Dynamo can be characterized as a zero-hop DHT, where each node maintains enough routing information locally to route a request to the appropriate node directly.

Dynamo API Interface

get(key) : Locates the object replicas associated with the key in the storage system and returns a single object or a list of objects with conflicting versions along with a context.
put(key, context, object) : Determines where the replicas of the object should be placed based on the associated key, and writes the replicas to disk. The context encodes system metadata about the object that is opaque to the caller and includes information such as the version of the object. The context information is stored along with the object so that the system can verify the validity of the context object supplied in the put request.

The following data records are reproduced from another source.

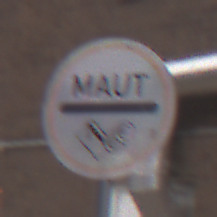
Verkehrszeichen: MautflichtigeStrecke
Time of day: MorningAfternoon
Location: Outdoor (Urban)
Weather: Overcast
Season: NotSpecified
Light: Natural
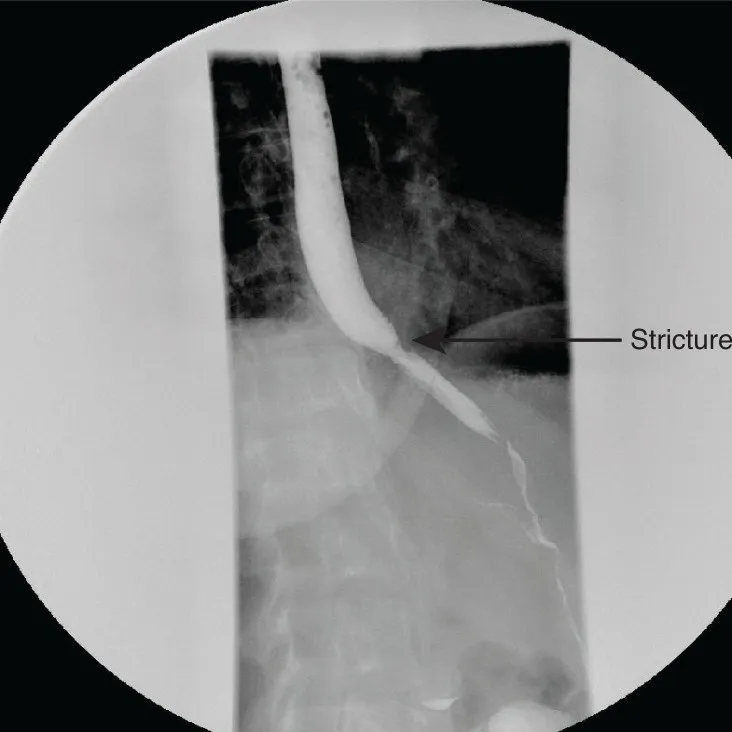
Barium swallow prior to discharge showing interval healing of dissection and a stricture at the site proximal to prior dissection.
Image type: radiology (x_ray)
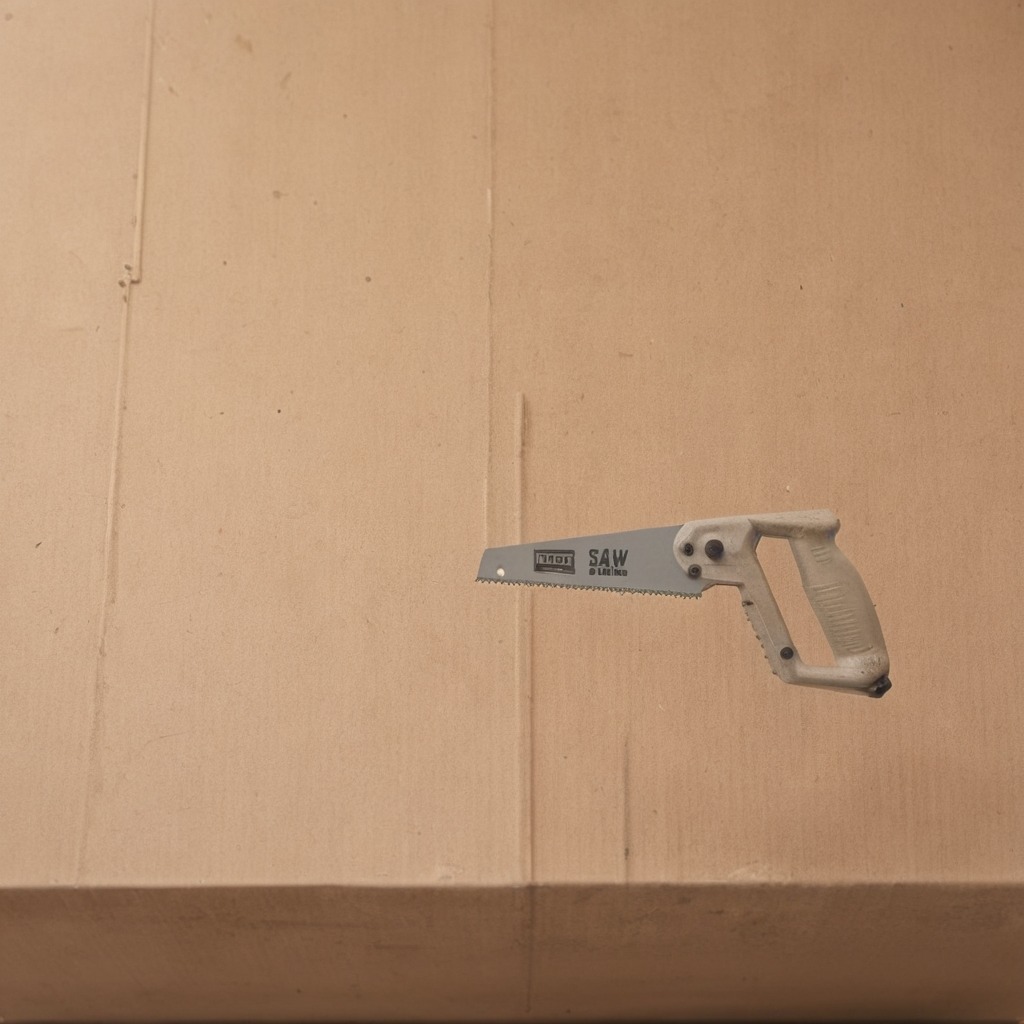
A metal saw is lying on a cardboard box surface in an outdoor workshop during daytime bright natural light soft shadows slightly creased but
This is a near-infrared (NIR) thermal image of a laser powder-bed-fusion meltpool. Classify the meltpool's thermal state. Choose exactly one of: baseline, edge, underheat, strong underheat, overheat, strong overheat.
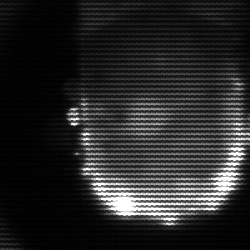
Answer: baseline
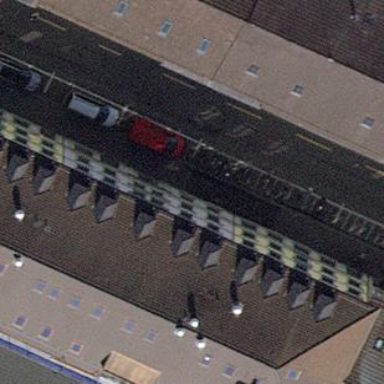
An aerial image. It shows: Building with gabled roof oriented across.
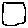
Label: square
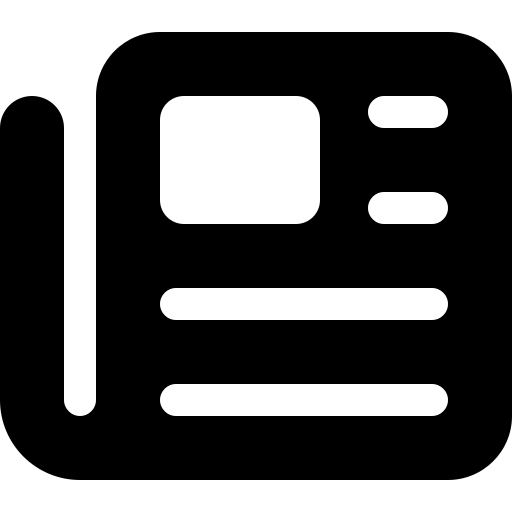
Tags: icon, FontAwesome, fa-icon, solid, newspaper
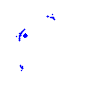
Particle: pion
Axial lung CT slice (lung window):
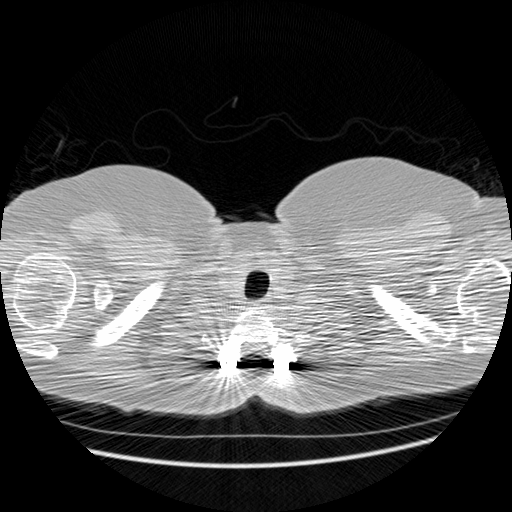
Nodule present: no
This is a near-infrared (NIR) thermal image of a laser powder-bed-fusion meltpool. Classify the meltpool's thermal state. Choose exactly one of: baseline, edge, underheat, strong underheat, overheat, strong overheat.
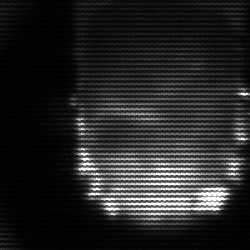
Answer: baseline
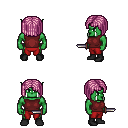
a pixel art fantasy rpg character, male body template, orc, green skin, maroon sleeveless shirt, red pants, pink pageboy hairstyle, black shoes, dagger, four views (front, back, left, right), 2x2 character sprite sheet, small pixel art, hard edges, no anti-aliasing
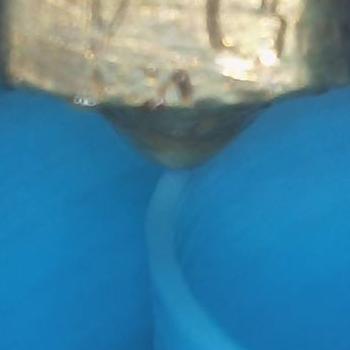
Flow rate: 70%

Opinion: If context is opaque to the caller, how is version information computed, does every write operation necessitate a read? Edit: Further in the paper, the authors do clarify that that is the case.

Partitioning Algorithm

A variant of the consistent hashing algorithm is used. In the "normal" consistent hashing algorithm each storage node is only responsible for one point (portion) of the ring.

Each storage node gets assigned to multiple points in the ring. To address this, "virtual nodes" are used. A virtual node looks like a single node in the system, but each node can be responsible for more than one virtual node.

Replication

Each item is replicated to "N" hosts which is configured per Dynamo instance.

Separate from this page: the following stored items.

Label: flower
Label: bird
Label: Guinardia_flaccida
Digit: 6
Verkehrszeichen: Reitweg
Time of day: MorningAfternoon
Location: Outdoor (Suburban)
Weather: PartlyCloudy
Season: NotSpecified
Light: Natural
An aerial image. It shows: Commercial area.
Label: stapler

Note: The paper makes a reference to a "Co-ordinator" node without being clear on the nomenclature. Consistent hashing makes use of a ring as the output range of underlying hash function. Nodes are assigned positions on the ring. On hashing of an item, it reveals that the position on the ring. A node is responsible for the region of the ring between itself and its predecessor. Therefore the item would need to land on the first position which is larger than the hashed items' position. The node where an item lands on is called a "Co-ordinator" Node.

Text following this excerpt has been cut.